SlaloM is also not a piece of software developed as a product, by people who do not use it themselves, an impression you can easily get when looking at Steam, various web services, or Windows itself. I'm not coding SlaloM and then testing it a bit, instead I am using it, all the time.
SlaloM is a standalone Windows / Linux application (English only.) meant to be used instead of the Steam Library screen (but mixed use is no problem). Its features make it vastly superior. Examples: Tag-filtering, radically powerful sorting (e.g. by when last played, for how long, price paid, your best games in half-year steps, ...), automatic adding of games, screenshot display with various options, surf library as screenshot tiles. For Steam, the key information is automatically read locally - so, just run and done. But it can also download additional information, adding features and precision. To un"install", just delete the folder.

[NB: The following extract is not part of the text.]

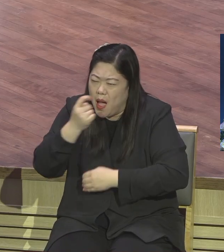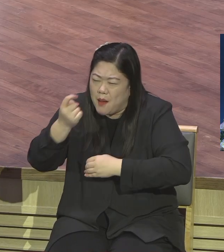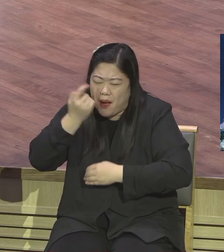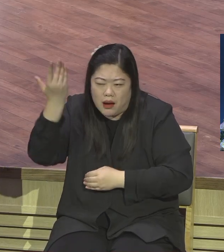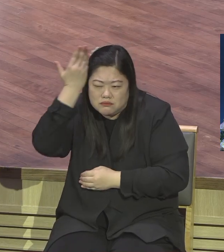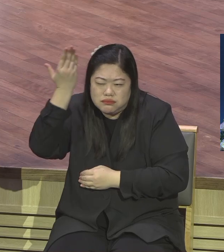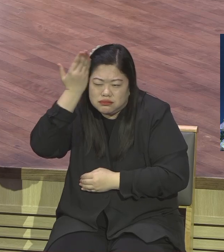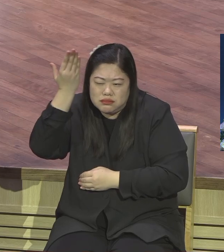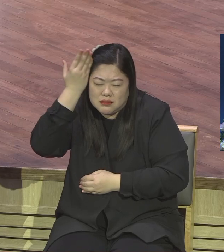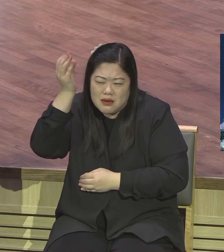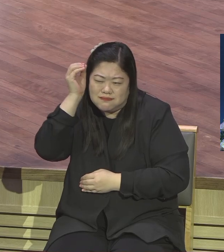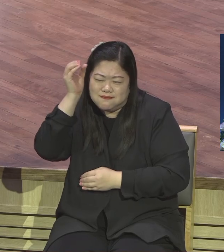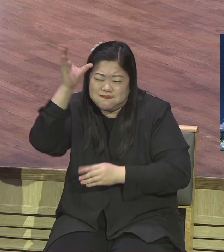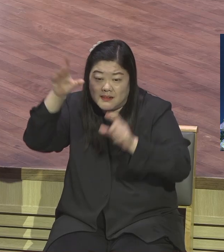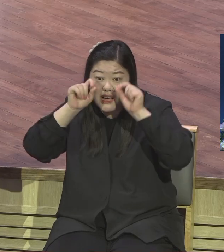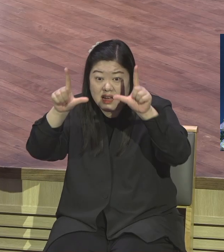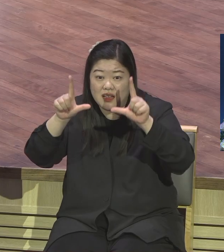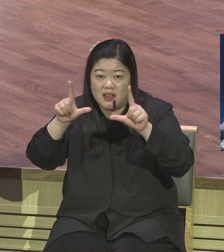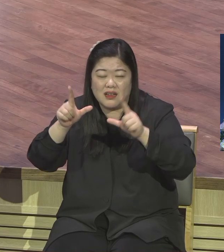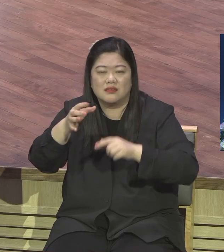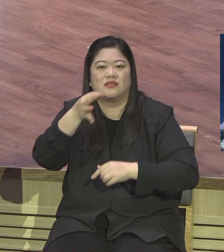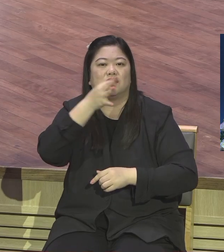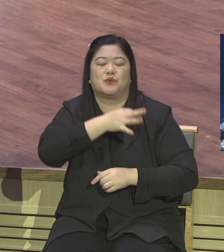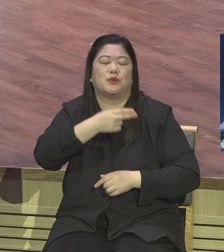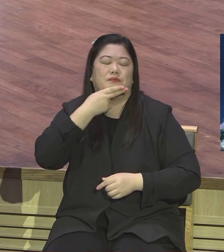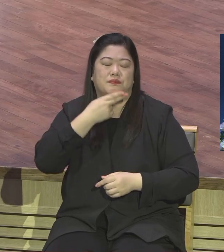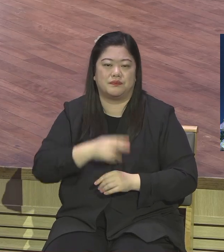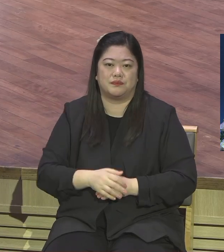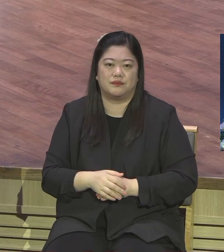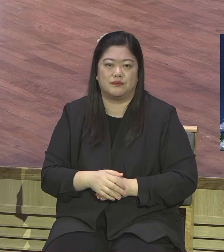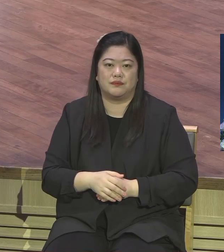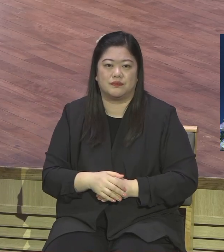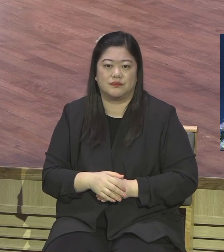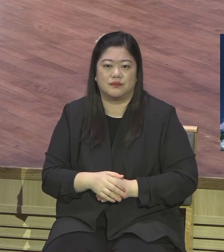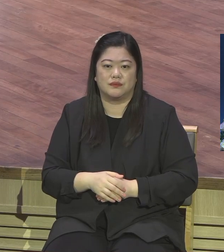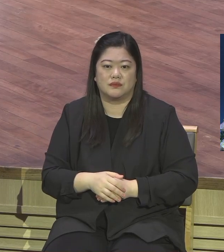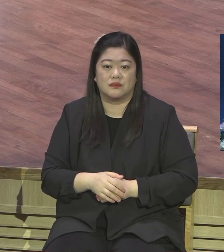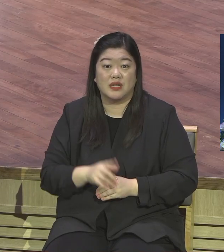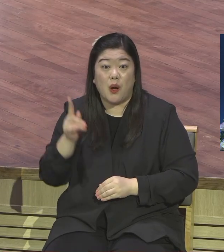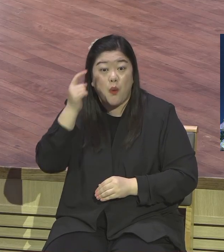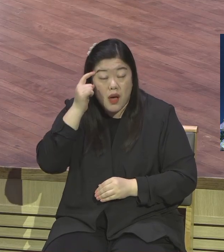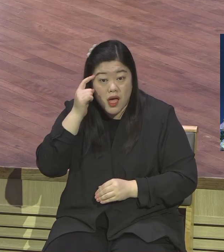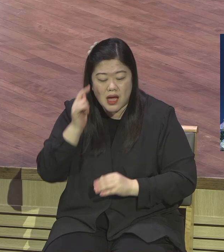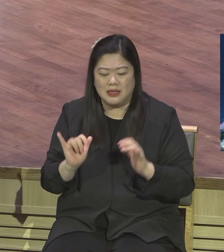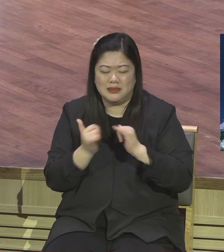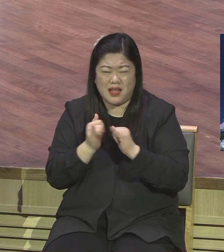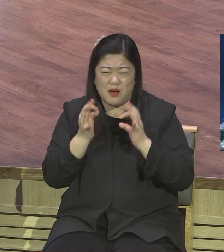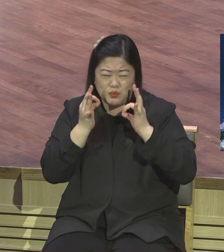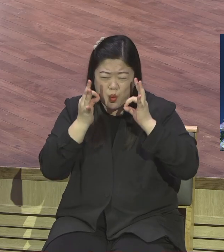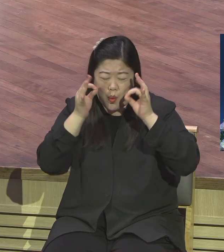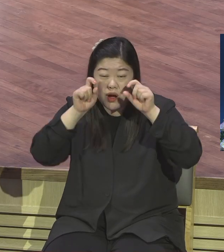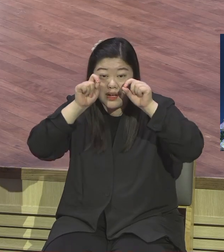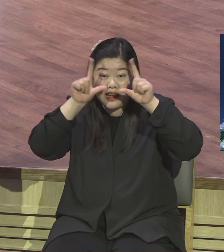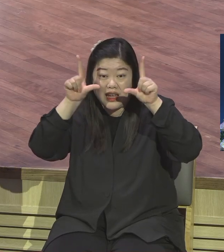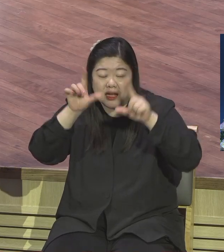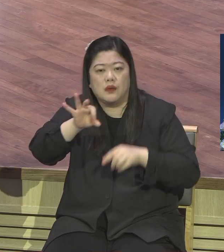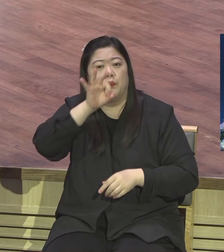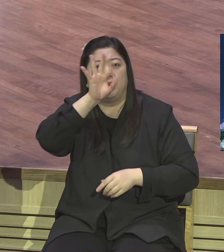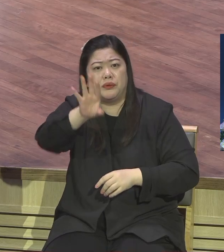이거 아니고는 이거는 절대로 갈 수가 없는 거예요 예수가 그래도 아니 뭐 한국말인데 뭐 어렵습니까

Make sure you join the 350+ members SlaloM users Steam Group or at least subscribe to its moderator-exclusive comments thread, because it announces new releases (incl. what's changed). Full disclosure: Most members seem to only be there for the free game keys I keep dropping on keygiveaway.com
!AGE 16 OR OLDER! As per the new EU General Data Protection Regulation 2018-05-25 and according changes to German law, a person must be 16 or older (or their parents or such must agree) to accept privacy related agreements. Out of the box, this does not apply to SlaloM, but you can use it to send/download data, and you have to be old enough for all SlaloM decisions that leave data breadcrumbs. (Those features very explicitly tell you when you're faced with them.) I can't verify this, because guess what - I'd need a lot more data about you, kinda counter-productive. That's why I have to tell you that to use SlaloM, you must be !AGE 16 OR OLDER!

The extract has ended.